Being Great is Miserable

The chances of changing the world are slim. If you want to try, go for it. But the result might be guilt and misery.

Regret from setting too lofty of goals is what tends to happen if those goals are unachievable. In a society where more is never enough we tend to aim for the fences every time. Baseball is more realistic than the fans. If you are hitting 30% of the time you are doing very well for yourself. Try that with any other activity. See you in the unemployment line.

Barry Schwartz argued that maximizing our goals and desires can make us miserable. At some point we have to bring it down a level and find out what “good enough” is.

In both evangelical and progressive Christianity nothing for me was every good enough. The standards I applied to myself and the standards pushed on me from others were hard.
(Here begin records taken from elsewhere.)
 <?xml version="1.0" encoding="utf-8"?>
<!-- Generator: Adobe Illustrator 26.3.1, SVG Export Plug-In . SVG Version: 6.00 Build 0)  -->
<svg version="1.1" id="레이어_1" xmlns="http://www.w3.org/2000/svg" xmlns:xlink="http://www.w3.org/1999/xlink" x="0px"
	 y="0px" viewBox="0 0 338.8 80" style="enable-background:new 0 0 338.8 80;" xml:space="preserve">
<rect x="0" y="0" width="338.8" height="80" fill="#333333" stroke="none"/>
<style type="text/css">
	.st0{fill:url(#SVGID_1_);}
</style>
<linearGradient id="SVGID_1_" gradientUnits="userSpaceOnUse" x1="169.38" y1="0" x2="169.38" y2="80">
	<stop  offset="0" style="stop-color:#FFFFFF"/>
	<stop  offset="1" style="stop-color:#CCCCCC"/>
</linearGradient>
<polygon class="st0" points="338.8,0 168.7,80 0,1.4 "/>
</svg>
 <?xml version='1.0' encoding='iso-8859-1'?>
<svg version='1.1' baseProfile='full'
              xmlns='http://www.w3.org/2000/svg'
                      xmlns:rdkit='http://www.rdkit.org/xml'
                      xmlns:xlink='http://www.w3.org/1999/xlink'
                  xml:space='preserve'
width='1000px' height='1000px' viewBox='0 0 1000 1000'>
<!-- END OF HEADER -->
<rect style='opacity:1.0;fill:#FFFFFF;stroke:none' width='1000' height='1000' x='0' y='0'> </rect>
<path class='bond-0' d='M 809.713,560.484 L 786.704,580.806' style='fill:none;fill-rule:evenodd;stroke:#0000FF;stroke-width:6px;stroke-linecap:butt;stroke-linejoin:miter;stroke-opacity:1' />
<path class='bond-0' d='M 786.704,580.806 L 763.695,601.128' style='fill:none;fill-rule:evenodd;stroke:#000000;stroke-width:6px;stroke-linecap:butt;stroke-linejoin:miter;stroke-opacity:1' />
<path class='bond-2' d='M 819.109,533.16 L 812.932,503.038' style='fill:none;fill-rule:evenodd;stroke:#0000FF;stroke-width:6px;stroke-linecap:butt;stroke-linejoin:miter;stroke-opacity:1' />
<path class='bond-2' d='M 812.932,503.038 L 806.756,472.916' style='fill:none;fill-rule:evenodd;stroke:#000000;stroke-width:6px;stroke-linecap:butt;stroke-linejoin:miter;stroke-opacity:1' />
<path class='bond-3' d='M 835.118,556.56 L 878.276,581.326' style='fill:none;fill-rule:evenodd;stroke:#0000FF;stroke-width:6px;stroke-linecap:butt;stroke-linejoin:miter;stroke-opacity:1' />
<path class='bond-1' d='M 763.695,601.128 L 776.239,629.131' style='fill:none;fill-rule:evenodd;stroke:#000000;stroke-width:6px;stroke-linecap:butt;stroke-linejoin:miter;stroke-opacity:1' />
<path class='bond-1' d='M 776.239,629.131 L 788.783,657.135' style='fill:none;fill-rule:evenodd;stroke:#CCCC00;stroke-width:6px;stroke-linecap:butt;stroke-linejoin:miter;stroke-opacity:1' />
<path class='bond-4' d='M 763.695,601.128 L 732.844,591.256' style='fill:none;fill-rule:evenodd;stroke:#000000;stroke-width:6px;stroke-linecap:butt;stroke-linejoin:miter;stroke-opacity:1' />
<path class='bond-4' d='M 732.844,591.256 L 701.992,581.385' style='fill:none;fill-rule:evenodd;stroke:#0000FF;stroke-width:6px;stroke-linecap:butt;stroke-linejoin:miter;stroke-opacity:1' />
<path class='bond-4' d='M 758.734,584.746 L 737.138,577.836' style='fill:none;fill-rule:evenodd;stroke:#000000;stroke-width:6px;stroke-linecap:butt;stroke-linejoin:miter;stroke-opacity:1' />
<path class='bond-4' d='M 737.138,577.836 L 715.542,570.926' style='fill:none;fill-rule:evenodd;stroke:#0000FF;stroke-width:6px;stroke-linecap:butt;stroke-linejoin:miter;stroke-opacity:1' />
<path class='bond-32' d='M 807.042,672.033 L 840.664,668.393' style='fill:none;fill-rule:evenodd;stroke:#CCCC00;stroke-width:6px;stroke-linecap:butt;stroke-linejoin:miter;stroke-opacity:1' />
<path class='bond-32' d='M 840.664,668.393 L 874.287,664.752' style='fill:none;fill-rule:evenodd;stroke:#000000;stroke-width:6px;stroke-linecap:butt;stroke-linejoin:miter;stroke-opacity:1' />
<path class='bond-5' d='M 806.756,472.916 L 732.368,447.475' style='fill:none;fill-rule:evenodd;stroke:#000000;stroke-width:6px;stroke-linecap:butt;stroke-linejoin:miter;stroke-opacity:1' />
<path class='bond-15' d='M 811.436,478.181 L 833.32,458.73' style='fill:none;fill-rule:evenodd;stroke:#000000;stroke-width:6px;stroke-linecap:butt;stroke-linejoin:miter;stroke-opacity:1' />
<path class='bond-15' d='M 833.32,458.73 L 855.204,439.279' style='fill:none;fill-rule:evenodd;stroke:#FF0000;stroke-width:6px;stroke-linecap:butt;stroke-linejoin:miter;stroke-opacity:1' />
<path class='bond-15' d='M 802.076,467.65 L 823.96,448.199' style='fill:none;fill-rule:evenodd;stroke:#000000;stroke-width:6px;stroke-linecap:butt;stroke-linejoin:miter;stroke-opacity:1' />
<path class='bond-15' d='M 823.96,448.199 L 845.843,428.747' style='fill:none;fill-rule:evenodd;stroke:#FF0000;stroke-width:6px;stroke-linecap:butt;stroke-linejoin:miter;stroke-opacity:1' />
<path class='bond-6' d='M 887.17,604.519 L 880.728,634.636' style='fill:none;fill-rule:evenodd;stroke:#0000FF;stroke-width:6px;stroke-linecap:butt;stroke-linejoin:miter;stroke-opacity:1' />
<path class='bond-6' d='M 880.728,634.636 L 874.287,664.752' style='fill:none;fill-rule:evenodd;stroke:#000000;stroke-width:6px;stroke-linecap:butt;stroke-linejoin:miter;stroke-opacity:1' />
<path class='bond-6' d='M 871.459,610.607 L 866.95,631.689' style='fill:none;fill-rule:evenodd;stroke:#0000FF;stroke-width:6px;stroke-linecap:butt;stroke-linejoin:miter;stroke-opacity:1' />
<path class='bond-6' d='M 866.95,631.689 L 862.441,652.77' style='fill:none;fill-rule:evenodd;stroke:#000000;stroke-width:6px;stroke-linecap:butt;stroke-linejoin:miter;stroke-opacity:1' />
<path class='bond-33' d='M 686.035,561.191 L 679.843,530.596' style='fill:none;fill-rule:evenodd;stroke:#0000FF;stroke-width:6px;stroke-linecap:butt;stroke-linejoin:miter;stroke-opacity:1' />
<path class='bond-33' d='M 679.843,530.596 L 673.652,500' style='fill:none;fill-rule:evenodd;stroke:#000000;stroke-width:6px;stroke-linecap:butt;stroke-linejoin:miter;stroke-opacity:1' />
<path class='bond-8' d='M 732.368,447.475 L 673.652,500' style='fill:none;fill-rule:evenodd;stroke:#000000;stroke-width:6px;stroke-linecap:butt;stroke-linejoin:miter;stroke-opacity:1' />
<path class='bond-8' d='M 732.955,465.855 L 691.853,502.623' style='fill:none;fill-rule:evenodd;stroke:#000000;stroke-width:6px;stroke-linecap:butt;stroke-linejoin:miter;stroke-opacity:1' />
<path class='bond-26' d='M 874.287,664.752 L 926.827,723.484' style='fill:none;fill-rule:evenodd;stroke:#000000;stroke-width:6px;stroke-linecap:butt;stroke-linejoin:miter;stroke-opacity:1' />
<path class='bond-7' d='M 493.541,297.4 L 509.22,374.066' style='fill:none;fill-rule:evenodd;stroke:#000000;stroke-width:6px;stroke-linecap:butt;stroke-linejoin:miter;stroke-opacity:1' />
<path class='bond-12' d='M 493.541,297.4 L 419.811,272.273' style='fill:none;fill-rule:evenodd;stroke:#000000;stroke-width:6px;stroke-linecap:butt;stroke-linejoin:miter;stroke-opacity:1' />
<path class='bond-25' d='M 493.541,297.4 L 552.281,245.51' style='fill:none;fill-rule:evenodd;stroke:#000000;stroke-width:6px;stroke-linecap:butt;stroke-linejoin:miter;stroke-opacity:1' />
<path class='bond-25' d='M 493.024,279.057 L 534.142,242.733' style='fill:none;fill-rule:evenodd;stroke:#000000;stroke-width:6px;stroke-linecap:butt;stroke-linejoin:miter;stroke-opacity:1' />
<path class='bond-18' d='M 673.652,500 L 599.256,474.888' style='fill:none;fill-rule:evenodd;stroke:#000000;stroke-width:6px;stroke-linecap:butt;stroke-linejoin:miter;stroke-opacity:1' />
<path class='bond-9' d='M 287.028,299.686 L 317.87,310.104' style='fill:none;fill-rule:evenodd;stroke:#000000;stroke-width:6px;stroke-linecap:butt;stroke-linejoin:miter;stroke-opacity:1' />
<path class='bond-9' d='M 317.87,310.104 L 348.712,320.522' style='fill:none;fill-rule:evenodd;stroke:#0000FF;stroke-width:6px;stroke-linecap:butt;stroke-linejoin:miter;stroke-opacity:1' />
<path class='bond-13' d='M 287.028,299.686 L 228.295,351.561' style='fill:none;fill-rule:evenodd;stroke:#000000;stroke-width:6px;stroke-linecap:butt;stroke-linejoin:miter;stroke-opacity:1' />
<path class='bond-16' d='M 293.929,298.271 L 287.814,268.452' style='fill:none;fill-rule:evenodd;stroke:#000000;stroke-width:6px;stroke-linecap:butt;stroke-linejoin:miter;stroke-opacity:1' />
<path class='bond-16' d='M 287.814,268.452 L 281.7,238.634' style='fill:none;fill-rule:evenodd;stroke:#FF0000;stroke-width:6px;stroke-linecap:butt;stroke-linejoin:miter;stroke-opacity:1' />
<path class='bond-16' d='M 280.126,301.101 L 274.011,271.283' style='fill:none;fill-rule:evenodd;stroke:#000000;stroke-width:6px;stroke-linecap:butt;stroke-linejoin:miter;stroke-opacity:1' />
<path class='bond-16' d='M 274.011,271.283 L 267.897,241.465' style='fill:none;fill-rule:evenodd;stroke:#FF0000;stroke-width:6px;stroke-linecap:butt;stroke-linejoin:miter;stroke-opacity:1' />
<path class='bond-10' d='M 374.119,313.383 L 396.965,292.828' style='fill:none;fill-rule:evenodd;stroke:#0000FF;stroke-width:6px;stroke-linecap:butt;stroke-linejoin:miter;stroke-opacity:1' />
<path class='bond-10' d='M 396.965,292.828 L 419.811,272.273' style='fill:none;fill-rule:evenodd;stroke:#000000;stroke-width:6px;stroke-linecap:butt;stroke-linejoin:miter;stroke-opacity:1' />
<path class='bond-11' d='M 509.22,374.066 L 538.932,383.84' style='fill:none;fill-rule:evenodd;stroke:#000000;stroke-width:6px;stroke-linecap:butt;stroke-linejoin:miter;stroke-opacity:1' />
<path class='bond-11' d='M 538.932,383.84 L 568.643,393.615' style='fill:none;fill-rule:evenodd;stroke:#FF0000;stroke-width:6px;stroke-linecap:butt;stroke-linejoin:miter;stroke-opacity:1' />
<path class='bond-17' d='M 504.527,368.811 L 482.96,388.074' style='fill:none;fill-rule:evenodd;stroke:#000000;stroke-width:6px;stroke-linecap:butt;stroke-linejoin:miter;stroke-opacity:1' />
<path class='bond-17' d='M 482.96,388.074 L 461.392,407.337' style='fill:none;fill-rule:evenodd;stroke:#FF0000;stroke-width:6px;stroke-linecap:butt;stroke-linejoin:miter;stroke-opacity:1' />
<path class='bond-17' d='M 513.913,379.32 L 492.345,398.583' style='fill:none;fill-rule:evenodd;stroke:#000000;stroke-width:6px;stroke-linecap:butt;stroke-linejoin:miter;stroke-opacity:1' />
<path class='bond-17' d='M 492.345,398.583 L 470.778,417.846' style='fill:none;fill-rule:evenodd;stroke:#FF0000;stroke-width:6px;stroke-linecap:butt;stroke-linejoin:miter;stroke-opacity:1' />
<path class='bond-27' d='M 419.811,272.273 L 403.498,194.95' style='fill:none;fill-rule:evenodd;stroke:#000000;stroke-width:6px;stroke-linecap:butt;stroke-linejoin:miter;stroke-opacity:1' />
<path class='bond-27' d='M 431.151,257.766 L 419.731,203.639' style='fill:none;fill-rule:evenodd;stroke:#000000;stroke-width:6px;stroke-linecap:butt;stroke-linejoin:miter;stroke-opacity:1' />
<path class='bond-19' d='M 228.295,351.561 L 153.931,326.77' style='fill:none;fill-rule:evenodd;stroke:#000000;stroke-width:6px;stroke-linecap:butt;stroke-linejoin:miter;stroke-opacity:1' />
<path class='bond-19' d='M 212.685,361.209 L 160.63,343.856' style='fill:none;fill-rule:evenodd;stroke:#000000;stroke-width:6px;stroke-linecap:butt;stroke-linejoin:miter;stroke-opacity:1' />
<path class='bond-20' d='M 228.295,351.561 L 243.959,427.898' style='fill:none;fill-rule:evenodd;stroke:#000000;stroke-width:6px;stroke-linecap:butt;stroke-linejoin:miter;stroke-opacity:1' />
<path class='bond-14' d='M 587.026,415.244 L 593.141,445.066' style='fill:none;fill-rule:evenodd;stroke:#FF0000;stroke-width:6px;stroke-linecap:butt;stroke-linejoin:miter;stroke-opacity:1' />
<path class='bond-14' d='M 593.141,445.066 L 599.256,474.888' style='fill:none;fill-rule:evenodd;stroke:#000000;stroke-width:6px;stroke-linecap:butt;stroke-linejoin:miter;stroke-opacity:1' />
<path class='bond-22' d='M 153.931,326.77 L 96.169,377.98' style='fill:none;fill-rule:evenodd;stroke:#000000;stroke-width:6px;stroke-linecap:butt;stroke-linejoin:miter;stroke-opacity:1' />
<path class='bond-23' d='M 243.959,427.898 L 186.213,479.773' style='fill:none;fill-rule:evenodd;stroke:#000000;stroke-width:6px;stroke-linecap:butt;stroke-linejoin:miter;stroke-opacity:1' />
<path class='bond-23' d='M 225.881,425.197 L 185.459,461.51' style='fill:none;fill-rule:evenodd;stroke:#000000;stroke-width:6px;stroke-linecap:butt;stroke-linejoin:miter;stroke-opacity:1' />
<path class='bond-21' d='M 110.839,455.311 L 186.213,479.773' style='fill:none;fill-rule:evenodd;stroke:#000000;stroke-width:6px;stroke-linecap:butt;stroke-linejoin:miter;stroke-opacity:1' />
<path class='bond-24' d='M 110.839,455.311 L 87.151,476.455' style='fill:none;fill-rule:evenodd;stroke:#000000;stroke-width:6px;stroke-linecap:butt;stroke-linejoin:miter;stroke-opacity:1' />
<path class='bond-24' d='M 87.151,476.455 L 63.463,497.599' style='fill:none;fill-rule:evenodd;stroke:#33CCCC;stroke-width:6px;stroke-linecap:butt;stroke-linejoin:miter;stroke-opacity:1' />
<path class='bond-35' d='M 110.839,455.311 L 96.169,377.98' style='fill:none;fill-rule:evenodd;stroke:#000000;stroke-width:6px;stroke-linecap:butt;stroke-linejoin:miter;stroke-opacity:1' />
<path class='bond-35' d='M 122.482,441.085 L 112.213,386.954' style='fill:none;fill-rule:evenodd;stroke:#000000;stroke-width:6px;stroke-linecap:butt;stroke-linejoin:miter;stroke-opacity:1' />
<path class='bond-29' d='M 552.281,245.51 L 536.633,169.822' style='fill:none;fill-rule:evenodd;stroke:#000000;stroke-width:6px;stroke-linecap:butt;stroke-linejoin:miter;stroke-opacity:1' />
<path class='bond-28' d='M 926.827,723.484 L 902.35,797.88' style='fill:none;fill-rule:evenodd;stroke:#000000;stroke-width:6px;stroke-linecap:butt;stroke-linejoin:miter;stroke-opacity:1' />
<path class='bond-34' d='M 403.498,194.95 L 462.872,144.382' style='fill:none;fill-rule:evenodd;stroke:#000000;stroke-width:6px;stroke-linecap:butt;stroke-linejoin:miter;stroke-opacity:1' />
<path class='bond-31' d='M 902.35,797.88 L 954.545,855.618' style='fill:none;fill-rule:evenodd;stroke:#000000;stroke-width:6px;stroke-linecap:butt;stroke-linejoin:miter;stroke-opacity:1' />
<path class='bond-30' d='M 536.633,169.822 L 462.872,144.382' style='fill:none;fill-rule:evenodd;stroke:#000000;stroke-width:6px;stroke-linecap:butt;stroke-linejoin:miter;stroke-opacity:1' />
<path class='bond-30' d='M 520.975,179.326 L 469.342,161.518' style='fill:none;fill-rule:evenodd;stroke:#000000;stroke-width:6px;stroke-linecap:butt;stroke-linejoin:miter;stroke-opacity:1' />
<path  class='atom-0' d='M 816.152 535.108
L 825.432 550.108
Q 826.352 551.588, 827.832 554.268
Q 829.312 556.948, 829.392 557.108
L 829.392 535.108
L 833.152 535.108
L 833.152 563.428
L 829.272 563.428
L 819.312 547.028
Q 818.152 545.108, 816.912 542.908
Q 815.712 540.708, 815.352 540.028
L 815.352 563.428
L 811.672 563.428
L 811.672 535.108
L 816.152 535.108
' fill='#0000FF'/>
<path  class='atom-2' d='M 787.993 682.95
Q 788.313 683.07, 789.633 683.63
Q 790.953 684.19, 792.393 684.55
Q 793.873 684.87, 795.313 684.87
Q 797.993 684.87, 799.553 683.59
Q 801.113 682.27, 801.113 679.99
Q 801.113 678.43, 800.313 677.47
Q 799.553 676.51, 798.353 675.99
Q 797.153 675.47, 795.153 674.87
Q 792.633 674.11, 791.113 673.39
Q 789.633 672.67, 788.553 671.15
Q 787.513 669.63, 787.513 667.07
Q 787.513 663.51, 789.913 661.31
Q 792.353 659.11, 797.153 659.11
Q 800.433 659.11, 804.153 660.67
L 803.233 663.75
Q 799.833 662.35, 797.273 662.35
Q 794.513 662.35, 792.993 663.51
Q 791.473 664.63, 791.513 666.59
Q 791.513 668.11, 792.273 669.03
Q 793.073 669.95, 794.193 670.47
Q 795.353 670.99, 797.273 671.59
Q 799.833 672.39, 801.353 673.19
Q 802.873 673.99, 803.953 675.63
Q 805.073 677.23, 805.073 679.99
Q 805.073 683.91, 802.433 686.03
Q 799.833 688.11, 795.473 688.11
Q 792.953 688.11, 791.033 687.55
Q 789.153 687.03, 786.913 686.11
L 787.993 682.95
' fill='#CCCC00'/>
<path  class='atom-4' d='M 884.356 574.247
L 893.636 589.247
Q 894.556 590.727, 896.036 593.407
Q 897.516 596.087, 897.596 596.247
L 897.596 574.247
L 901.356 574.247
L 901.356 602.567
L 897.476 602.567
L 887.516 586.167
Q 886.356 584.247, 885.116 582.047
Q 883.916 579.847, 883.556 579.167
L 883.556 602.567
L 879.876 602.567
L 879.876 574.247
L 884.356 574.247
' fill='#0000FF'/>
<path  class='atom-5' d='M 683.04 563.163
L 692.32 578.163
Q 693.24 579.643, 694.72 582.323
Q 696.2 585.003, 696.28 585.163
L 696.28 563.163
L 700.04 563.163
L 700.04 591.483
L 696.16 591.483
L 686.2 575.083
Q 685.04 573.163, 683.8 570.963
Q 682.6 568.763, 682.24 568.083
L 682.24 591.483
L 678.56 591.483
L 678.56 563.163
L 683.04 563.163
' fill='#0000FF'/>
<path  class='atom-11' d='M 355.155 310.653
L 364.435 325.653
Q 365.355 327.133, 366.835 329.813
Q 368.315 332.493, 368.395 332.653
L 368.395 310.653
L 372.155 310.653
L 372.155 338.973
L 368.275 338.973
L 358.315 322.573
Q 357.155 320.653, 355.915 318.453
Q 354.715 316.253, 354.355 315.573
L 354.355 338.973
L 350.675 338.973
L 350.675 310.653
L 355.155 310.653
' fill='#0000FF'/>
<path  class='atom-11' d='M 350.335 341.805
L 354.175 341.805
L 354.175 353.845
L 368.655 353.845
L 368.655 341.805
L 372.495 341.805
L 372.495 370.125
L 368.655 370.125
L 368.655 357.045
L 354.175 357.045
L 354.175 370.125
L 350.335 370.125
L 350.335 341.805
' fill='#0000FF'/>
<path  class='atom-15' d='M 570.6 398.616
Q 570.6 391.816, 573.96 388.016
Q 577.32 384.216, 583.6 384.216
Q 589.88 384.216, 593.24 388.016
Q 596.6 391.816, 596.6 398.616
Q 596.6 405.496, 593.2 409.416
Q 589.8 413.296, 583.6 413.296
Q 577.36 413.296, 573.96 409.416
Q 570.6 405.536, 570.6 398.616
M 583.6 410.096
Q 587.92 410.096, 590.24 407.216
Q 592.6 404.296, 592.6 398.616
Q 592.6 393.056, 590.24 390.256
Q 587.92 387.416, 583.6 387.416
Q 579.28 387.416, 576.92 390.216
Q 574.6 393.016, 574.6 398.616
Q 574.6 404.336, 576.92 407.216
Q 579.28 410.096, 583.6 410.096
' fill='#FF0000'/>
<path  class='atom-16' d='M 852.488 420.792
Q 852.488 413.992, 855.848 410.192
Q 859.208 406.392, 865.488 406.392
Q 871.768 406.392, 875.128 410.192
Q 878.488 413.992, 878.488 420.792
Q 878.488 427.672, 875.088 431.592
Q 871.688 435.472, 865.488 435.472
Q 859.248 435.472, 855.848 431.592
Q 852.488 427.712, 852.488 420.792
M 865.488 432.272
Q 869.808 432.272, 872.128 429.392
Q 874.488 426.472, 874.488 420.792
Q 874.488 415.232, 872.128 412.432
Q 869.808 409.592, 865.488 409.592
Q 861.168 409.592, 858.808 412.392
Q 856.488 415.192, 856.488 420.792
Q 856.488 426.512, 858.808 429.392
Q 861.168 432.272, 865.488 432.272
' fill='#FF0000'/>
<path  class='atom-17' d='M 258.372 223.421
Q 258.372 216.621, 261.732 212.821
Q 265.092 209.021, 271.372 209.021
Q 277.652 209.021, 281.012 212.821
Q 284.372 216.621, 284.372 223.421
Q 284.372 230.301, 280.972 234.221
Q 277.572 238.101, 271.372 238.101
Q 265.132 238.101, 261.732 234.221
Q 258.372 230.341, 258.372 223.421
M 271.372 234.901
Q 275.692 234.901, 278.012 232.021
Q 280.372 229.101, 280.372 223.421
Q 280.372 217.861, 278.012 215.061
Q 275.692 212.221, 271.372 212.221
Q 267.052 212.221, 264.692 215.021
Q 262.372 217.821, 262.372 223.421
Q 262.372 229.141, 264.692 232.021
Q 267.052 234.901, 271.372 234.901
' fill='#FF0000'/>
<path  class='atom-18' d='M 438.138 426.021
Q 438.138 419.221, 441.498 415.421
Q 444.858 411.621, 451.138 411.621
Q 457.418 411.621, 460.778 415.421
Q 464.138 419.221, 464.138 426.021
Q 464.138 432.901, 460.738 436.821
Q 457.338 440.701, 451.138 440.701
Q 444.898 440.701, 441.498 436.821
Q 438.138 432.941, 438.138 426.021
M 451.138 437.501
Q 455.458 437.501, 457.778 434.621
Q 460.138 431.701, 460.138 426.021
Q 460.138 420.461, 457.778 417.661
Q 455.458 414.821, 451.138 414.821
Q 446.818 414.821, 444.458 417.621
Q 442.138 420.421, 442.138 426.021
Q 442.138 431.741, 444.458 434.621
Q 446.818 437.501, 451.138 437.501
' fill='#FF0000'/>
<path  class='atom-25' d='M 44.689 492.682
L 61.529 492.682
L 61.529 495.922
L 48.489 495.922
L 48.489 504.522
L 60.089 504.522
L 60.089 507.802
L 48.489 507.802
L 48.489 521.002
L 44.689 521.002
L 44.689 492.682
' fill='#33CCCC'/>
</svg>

As a progressive, I never felt I was as socially conscious as I could be. I was never as aware of my white, male privilege as I needed to be. I was never a stronger advocate of the Other.

As an evangelical, I was never quite as theologically correct as I needed to be. I never witnessed enough. At one point I felt I simply questioned Calvinism too much! I hated Contemporary Christian Music but always felt a social pressure to buy a CD of it or a t-shirt to display my Christian awesomeness.

In both cases I was a maximizer. If I did not so what I thought was right, I felt like shit. Now, part of this was my own doing. My feelings were likely not the facts of the situation. But feelings don’t happen in a vacuum. That social pressure was real.

I have felt guilty about not changing the world or “being great” since those days. I have come to the conclusion that I was only feeling lousy about not changing the world because I was being selfish. I was stuck in that spot up until I read a brilliant little passage yesterday morning.

I don’t have to be great. I just need to do the best I can, with what I have, where I am. Huh. That easy? Yes.

You ask, “Must one do something?” Of course one must! And do whatever comes along – in your circle of friends and in your surroundings – and believe that this is and will be your real work. More will not be demanded of you. It is a great misconception to think, whether for the sake of heaven or, as the modernists put it, to “make one’s mark on humanity,” that one must undertake great, reverberating tasks. Not at all. It is necessary only to do everything according to the commandments of God. Just what exactly? Nothing in particular – only those things that present themselves to everyone in the circumstances of life, those things which are required by the everyday things we encounter. – St. Theophan the Recluse, Letter to a Young Girl. B#18.

All I have to do is cheerfully to do something that is good and helpful to those who come into my path. That won’t make me miserable. I might actually feel pretty damn good doing it.